If a series lc circuit has two inductors and one capacitor can it have more than one resonant frequency?

 

If a series lc circuit has two inductors and one capacitor can it have more than one resonant frequency?

There will be only one resonance in a simulation where the inductors and capacitors are pure and ideal, with no parasitic capacitances or inductances. A more complete simulation model may show more resonances.

In a practical circuit, the inductors will have parasitic parallel capacitances, and the capacitors and wiring will have parasitic series inductances. The result may be multiple resonances: the inductors may show parallel self-resonances, and there may be more than one series resonance.

 

No. In a series circuit there will be an equivalent series inductance of the two inductors assuming the inductors are not coupled. This also assumes that the parasitics are of second order smallness and the frequencies are not pushed to the point where lumped circuit elements no longer model the physical situation.

 

That's generally true, and certainly capacitor inductance is not usually so much of a problem up to low MHz frequencies. At a hundred MHz the picture is different: I don't suppose that the original poster is likely to be concerned with such frequencies, but then again we don't know for sure.

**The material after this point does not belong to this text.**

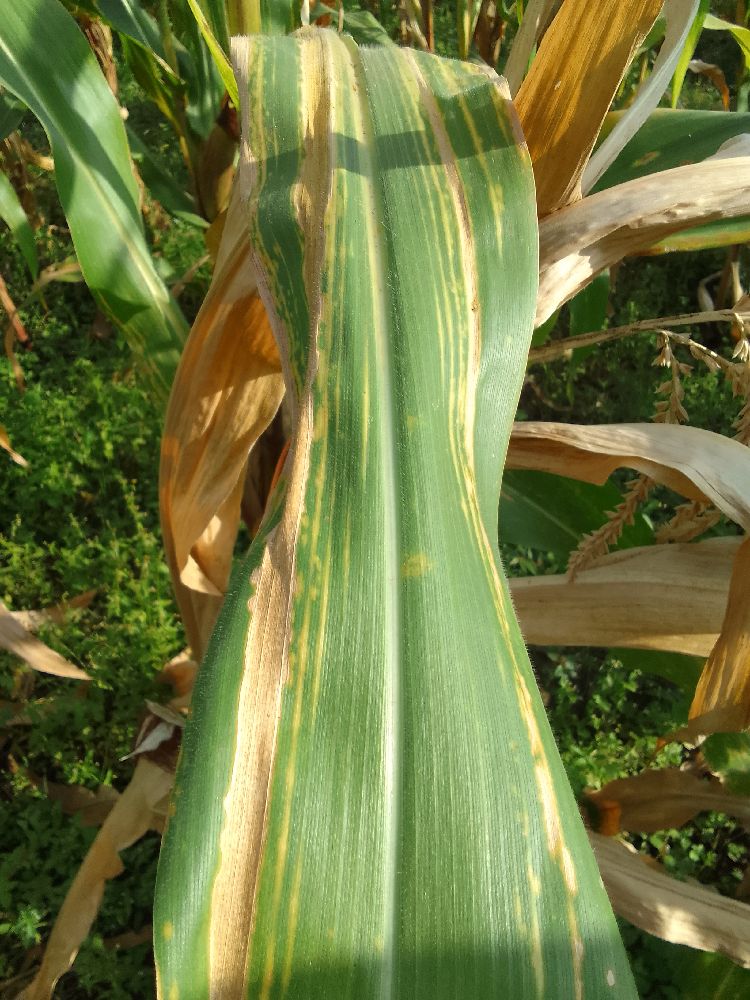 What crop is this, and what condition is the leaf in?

maize, maize lethal necrosis
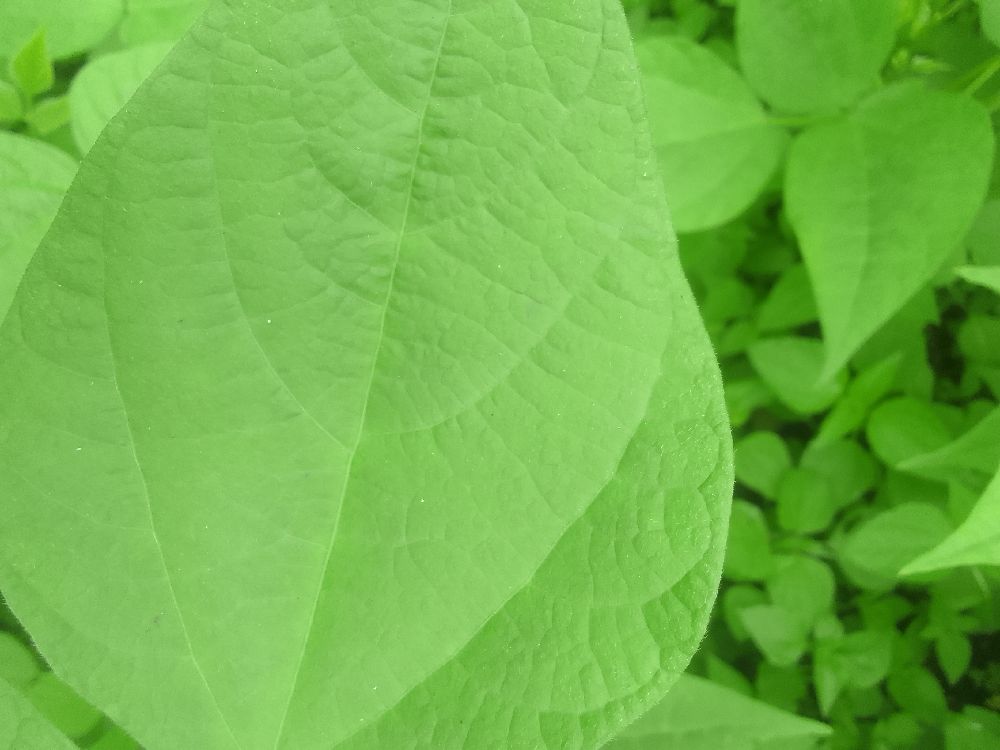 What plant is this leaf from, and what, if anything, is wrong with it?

Inductors can be quite another story though, especially if not designed for particularly low self-capacitance. The parallel self-resonance often sets a practical upper limit on the inductance which can be used, even at modest radio frequencies. If not taken account of, inductor self resonances can result in spurious responses.

 

What if one of the inductors were the secondary coil of
a transformer, would there then be more than one resonant frequency?

 

Possibly could be due to the internal capacitances of the transformer.
It even applies to larger inductors as well as small ones depending on the frequency you're dealing with.

All inductors have a self resonant frequency.

 

If you look at a graphical picture of reactance versus frequency for an inductor and a capacitor you can quickly conclude that in a series LC circuit there is only one point of intersection. Algebraically the point is defined as the frequency for which:

ωL = 1 / (ωC)

In order to have additional resonances we need different models of inductive and capacitive reactance. The existence of such models has been hinted at but never explicitly defined. We know that inductive reactance deviates, concave up, from linearity at high frequencies. Does that imply the existence of a second point of intersection? I don't think so. I'm less sure about deviations in the model for capacitive reactance at high frequencies from the usual hyperbola. Again I doubt the existence of a pair of reactance models that allow for two points of intersection which would be required for a second point of resonance.

 

Here is the result of a simulation of a practical series resonant circuit using two separate coils. Note the two series and two parallel resonances.

Clearly this situation can only occur in the presence of significant parasitic capacitances, but in the real world these do exist. Multiple resonances of this type can lead to unwanted effects, for instance in filter circuits.

Note that you don't need to get up to VHF to see this sort of thing: these resonances are occurring at quite low radio frequencies. The parasitic capacitances shown are large, but by no means impossibly so.

 

Here is the result of a simulation of a practical series resonant circuit using two separate coils. Note the two series and two parallel resonances.

Clearly this situation can only occur in the presence of significant parasitic capacitances, but in the real world these do exist. Multiple resonances of this type can lead to unwanted effects, for instance in filter circuits.

Note that you don't need to get up to VHF to see this sort of thing: these resonances are occurring at quite low radio frequencies. The parasitic capacitances shown are large, but by no means impossibly so.

View attachment 27149

I would argue that your circuit is not the same as described by the OP, even in spirit. It is true that you have two inductors and at least one capacitor, but it is hardly a "series" circuit anymore. For each inductor there is a series path through the other inductor as well as a path around the other inductor. Also no complicated reactance models to get two points of intersection. Maybe the OP can comment on the practical application of such a network.

 

I would argue that your circuit is not the same as described by the OP, even in spirit. It is true that you have two inductors and at least one capacitor, but it is hardly a "series" circuit anymore. For each inductor there is a series path through the other inductor as well as a path around the other inductor. Also no complicated reactance models to get two points of intersection. Maybe the OP can comment on the practical application of such a network.

Well, it's an attempt at a simple model model of two real inductors and a capacitor with parasitic elements. One could probably demonstrate something of the kind with actual components and an impedance / network analyser. There is no doubt that this kind of thing happens in practice: difficulties with spurious resonances have been with us since the days of great grandfather's TRF radio set. At higher frequencies this of course becomes more problematic, and eventually everything has to be regarded as more or less of a transmission line, but that's definitely heading OT.

How much relevance this has to the OP's question is another matter: (s)he may have only had the behaviour of ideal components in mind, and it might be better not to pursue this further unless we hear otherwise.